## Problem requirements
Below are the records; pull every line that includes "Ellipse".

## Source material
——————————

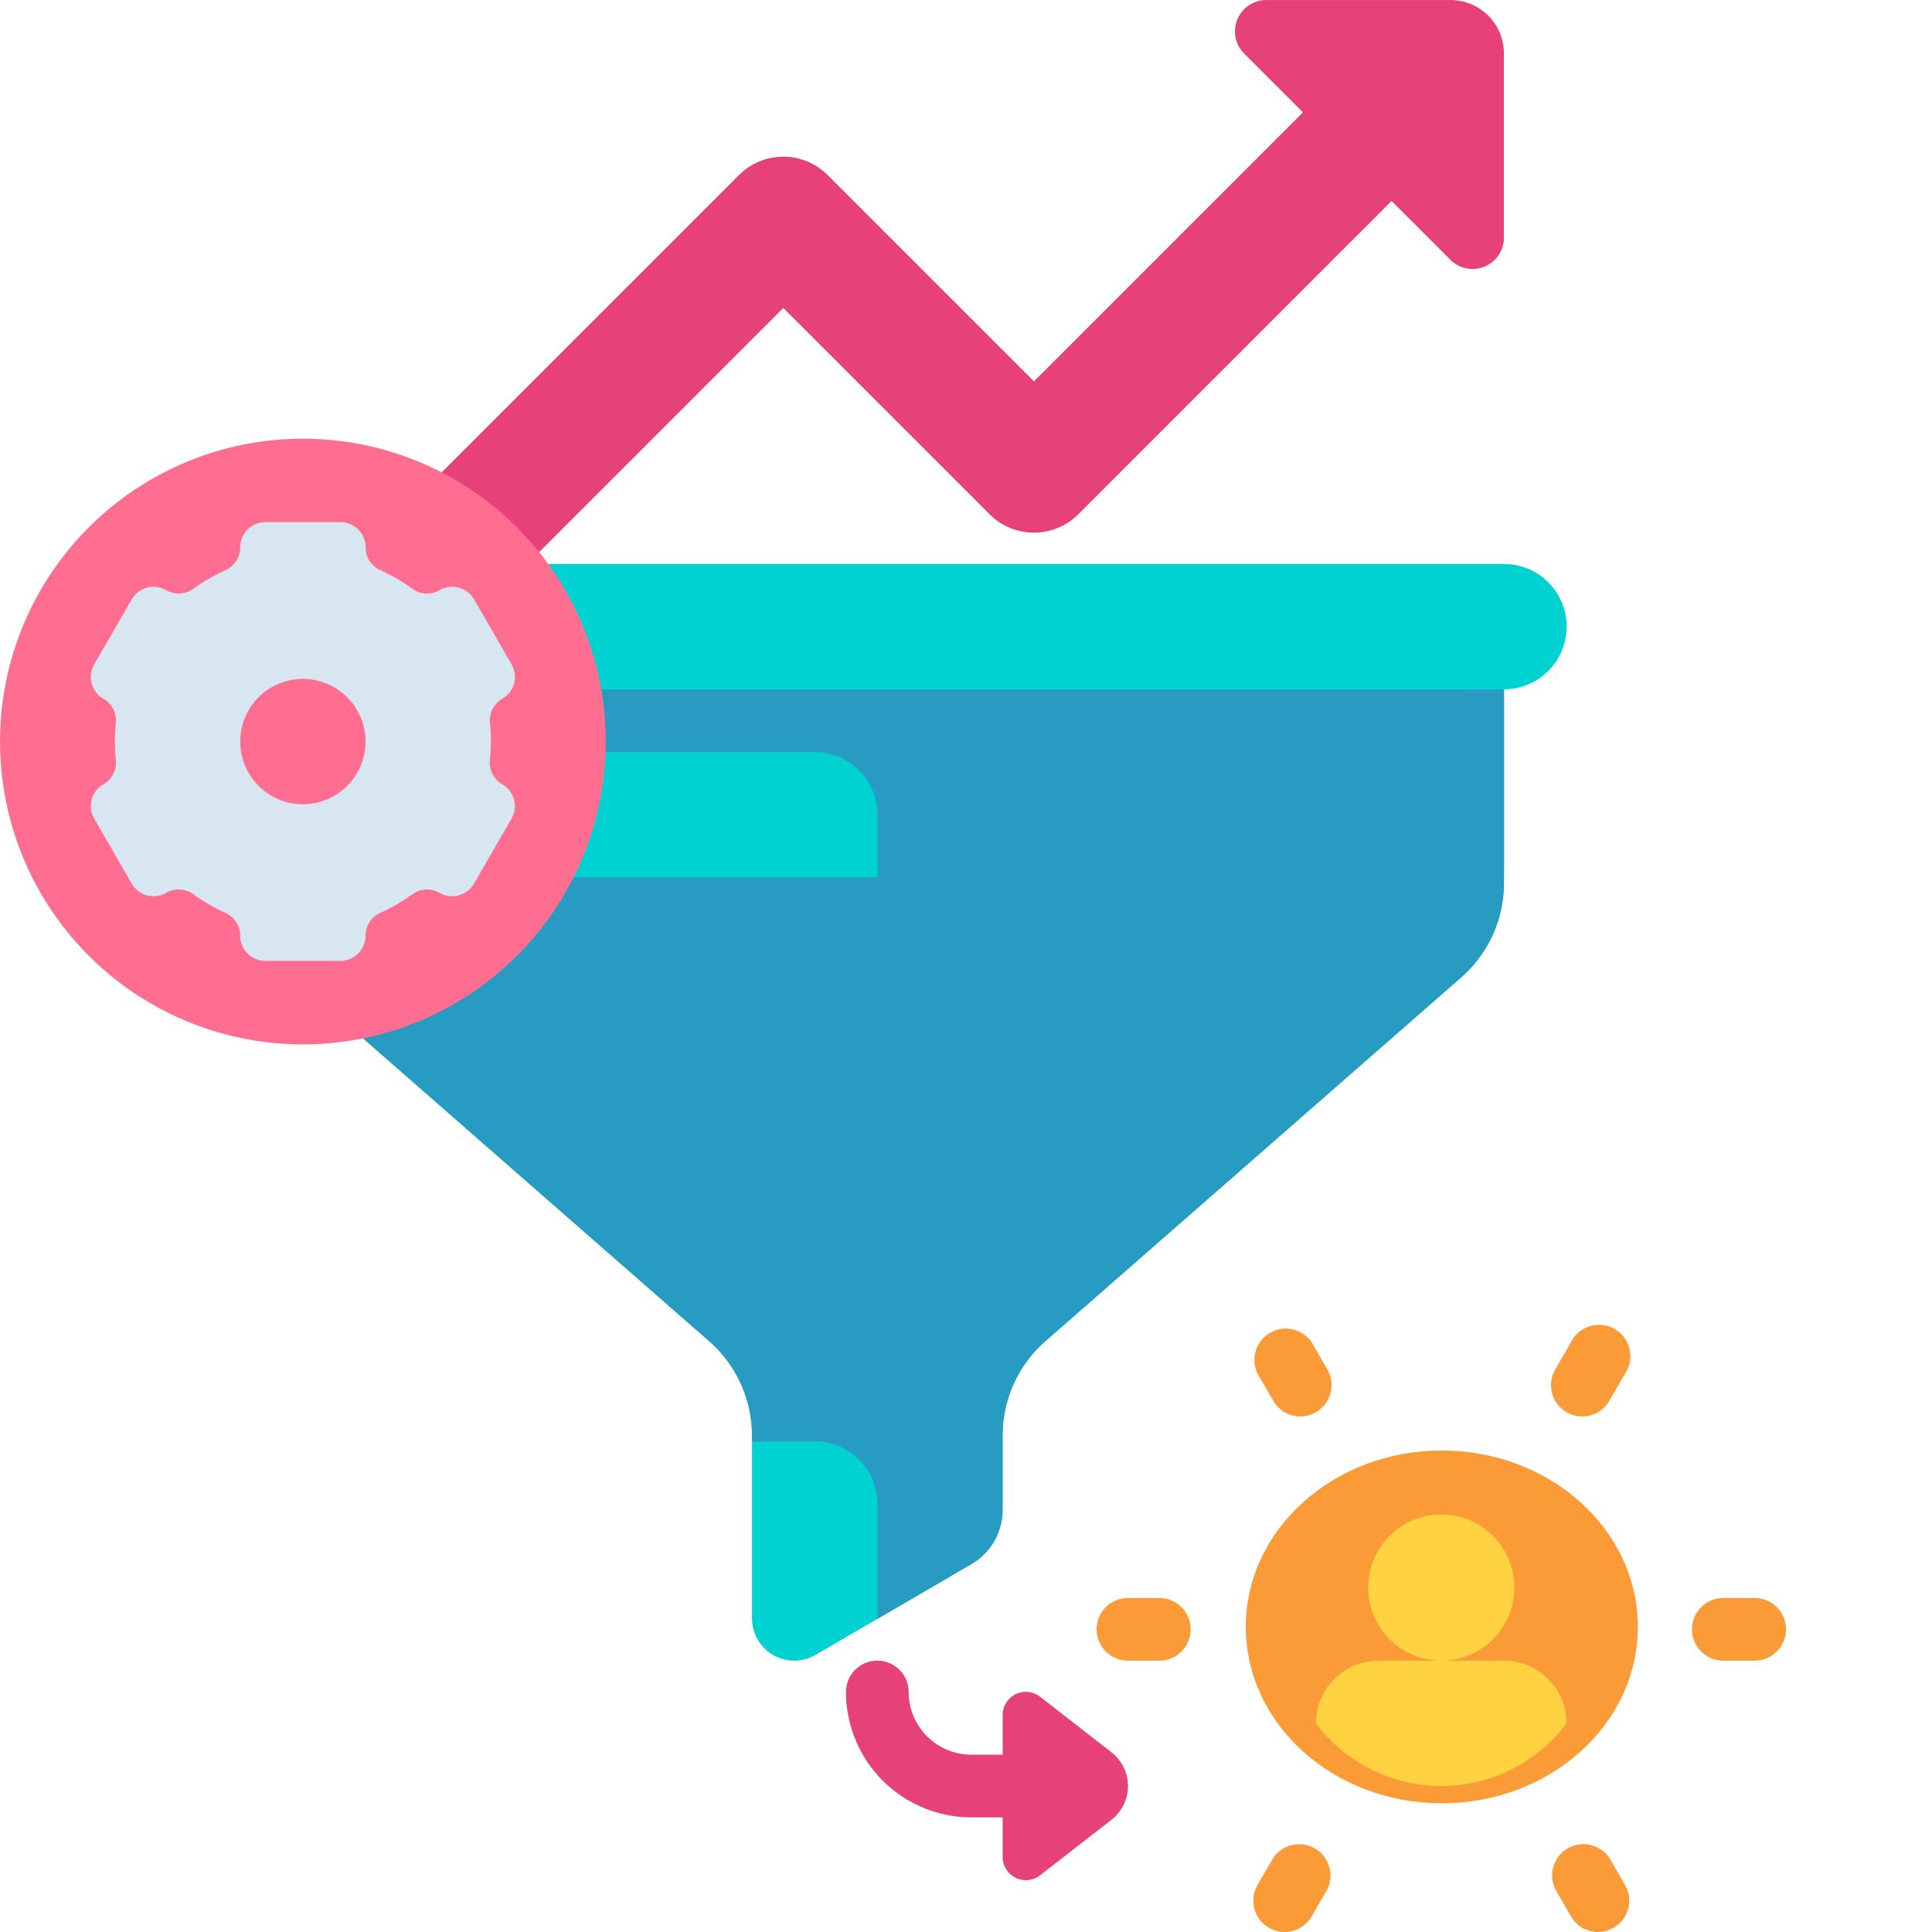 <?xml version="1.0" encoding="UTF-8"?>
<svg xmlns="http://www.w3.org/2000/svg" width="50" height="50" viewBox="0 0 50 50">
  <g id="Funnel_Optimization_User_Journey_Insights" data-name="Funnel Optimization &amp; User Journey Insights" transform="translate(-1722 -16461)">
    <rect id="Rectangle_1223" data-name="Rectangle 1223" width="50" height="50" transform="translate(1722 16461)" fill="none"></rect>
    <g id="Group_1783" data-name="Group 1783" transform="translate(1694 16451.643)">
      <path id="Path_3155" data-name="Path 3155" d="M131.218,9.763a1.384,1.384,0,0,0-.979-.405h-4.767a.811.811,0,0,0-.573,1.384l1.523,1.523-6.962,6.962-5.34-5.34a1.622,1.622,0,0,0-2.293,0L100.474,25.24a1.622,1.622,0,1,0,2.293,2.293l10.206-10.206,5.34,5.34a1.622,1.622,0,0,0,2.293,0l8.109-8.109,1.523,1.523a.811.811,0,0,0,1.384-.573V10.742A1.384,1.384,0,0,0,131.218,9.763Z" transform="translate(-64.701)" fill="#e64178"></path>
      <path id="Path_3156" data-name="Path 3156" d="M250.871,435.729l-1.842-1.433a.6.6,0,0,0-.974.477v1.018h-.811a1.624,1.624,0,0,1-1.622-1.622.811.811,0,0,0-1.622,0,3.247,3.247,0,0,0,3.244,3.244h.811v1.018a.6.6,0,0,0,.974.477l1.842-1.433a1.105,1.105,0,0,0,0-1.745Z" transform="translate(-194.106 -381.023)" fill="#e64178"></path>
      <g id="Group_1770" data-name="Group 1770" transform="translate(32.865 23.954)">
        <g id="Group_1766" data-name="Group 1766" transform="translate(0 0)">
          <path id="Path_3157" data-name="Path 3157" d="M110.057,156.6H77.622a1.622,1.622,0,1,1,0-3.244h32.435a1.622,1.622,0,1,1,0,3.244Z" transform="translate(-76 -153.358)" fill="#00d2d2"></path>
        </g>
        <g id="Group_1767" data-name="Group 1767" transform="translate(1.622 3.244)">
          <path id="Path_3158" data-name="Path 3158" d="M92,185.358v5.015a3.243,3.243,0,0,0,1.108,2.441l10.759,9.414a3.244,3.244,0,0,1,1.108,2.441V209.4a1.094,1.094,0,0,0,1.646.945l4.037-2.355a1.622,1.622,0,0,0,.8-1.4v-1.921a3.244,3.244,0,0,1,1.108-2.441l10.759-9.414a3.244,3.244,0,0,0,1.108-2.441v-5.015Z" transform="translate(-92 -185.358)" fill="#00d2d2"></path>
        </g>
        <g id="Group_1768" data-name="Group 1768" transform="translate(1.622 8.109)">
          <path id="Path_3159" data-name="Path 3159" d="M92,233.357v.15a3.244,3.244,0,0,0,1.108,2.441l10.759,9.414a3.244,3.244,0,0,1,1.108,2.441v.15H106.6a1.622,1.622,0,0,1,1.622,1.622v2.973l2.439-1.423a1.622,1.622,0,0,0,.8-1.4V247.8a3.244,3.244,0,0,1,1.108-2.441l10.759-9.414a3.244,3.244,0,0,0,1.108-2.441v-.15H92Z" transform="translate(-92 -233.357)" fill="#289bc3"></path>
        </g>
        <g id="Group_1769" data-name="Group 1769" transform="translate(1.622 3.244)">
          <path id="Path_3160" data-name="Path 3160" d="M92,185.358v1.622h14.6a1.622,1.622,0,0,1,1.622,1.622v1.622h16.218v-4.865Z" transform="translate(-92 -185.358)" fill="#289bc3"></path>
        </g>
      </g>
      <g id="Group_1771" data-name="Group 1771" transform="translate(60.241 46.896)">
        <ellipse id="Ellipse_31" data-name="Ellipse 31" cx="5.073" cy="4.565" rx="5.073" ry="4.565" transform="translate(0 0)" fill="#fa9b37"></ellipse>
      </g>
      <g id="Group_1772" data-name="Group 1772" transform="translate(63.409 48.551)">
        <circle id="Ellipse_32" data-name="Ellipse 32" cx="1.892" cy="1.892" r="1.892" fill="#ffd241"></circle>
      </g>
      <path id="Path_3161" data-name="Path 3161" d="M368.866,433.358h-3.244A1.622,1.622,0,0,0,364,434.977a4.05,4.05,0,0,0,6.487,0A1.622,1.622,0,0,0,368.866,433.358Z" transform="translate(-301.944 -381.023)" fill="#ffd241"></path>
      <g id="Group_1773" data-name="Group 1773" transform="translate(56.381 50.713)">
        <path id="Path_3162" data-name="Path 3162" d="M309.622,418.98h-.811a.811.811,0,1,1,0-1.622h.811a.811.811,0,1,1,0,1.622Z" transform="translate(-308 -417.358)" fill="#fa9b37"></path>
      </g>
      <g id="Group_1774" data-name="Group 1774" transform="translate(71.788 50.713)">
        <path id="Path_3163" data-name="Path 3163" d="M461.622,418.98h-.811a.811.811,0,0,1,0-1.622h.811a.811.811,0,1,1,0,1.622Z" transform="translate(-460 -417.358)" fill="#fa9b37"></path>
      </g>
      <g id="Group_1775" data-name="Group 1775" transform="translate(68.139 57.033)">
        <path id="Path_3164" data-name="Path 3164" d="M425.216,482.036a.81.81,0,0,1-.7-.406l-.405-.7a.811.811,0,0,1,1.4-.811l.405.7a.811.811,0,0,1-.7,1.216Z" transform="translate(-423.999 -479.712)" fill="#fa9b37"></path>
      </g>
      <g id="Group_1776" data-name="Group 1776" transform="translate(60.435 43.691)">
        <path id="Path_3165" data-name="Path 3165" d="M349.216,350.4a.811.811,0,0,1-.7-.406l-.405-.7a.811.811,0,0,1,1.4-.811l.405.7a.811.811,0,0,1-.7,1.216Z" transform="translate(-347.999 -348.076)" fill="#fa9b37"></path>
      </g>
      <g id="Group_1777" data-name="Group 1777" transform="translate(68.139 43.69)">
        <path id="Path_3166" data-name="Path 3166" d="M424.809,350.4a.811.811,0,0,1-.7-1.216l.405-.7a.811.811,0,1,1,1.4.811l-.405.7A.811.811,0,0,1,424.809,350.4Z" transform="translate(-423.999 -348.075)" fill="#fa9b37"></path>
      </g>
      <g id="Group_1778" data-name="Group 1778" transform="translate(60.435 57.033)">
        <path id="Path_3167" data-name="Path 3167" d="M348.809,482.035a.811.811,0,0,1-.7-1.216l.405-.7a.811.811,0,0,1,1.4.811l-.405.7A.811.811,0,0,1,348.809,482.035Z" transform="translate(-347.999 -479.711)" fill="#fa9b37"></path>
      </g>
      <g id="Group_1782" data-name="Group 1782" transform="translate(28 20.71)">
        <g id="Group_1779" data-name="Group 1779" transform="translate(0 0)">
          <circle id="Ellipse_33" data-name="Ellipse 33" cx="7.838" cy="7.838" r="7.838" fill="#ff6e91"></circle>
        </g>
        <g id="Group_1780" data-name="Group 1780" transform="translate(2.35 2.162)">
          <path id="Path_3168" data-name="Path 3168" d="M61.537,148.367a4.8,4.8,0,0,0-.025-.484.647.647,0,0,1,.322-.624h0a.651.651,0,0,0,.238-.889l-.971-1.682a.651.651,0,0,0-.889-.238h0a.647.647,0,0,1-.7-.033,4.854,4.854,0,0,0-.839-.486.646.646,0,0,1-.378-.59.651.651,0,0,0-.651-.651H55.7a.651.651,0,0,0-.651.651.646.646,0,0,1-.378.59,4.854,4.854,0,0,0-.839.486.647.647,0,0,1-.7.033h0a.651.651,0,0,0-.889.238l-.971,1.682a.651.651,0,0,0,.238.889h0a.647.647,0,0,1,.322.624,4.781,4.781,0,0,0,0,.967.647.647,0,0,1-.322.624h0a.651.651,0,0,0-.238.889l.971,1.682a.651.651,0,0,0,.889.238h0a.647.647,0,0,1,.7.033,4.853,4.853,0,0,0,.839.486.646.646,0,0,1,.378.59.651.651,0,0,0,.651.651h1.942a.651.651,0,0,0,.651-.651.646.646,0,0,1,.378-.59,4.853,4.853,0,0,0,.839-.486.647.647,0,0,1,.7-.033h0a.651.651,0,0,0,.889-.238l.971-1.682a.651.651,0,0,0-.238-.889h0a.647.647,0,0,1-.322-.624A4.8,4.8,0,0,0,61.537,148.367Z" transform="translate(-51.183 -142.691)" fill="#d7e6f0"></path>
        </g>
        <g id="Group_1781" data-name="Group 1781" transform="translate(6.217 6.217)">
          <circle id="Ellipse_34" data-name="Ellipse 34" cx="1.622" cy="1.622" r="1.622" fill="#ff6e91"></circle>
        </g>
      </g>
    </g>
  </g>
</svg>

——————————

## Response
        <ellipse id="Ellipse_31" data-name="Ellipse 31" cx="5.073" cy="4.565" rx="5.073" ry="4.565" transform="translate(0 0)" fill="#fa9b37"></ellipse>
        <circle id="Ellipse_32" data-name="Ellipse 32" cx="1.892" cy="1.892" r="1.892" fill="#ffd241"></circle>
          <circle id="Ellipse_33" data-name="Ellipse 33" cx="7.838" cy="7.838" r="7.838" fill="#ff6e91"></circle>
          <circle id="Ellipse_34" data-name="Ellipse 34" cx="1.622" cy="1.622" r="1.622" fill="#ff6e91"></circle>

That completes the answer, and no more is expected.